All I knew about Menorca was that this place existed. Somewhere. All the more surprising is the encounter with an island where at first they don’t want to let me go ashore.
Thursday evening, shortly before five. After the crossing from Mallorca, I radio Ciutadella’s marinas. I am met with sheer horror. At 11.99 metres, my ship is too long for our port, says Ports IB. You have to show a Coronatest, says Club Nautico, we haven’t received a tourist ship for weeks. Finally, because it’s probably closing time at five o’clock, they send me to anchor in Cala Degollador, a narrow bay next to the harbour.
There, the wind freshens the next morning and shifts crosswise. Reykja approaches the side rocks close enough to touch. Panically I haul in the stern and bow anchors, escape the trap, drift in increasingly choppy seas and make one last desperate attempt over the radio. And surprise, surprise: this time Ports IB speaks good English. At first the official scolds me that Corona times are not ment to be the time for tourism. When I suggest I could sail back to Mallorca, he lets me land. There’s no more talk of a PCR test, I’ve been on the neighbouring island for months, and Reykja’s length is suddenly fully suitable for the marina.
A clear feeling: this is the right place for me. It sets in after a few steps in the harbour of Ciutadella and will not leave me again for the following weeks. If Mallorca was a huge, pulsating urban centre for long stretches, Menorca is the full province. Stylish province in Ciutadella: palaces, a Gothic cathedral, two huge squares, old houses, narrow streets. Then, outside the city, lush green, hilly and very stony. Mortarless walls criss-cross endless pastures with cows. A piece of England in the middle of Spain.
For me, Menorca is the island of stones, limestones to be precise. Only two capes, which I later round, are spectacularly made of red slate. The Roman army already employed local Menorcans who could sling stones so effectively. And their ancestors built an entire culture out of stones. For them, the hour of my mountain folding bike has come: around seventy sites of the Talyot megalithic culture on Menorca are known. A journey of discovery begins.
No two sites are alike. Torretrencada: I am amazed at the round ground plans of the stone houses. Everything seems harmonious. Why do our cities consist of corners and edges? Son Catlar: An intact protective wall full of military secrets. There are extra thin places to escape, or to spy on the besieger at night. At the entrance, the wall curves inwards so that it can be shot at from the side by watchtowers. Torrellafuda: A taula under olive trees, standing menhirs as heavy as murder, which no one would lift voluntarily today. Can I understand why people did this three thousand years ago? Today’s place has changed. The olive grove did not exist then. The stones were removed and moved by farmers for centuries for their own building projects. Nothing is as it was. And yet: something is there.

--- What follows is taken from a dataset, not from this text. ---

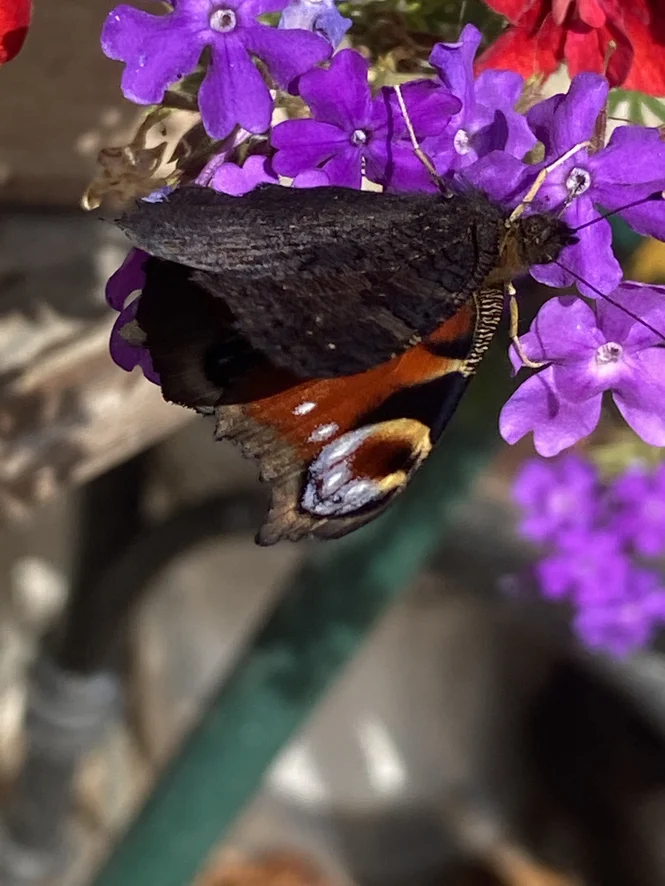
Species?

On the north coast, I anchor at fabulously beautiful beaches, Cala des Algayerens, for example, and in the inlet of Cala Fornells. I can safely weather a day of strong winds with gusts of around 8 Bf on a long chain. The Cala de Addaya praised in the Pilot Guide, on the other hand, seems much too narrow for anchoring in strong easterly winds. Isla Colom in the east offers good protection, but it gets rocky there when the swell comes from the north.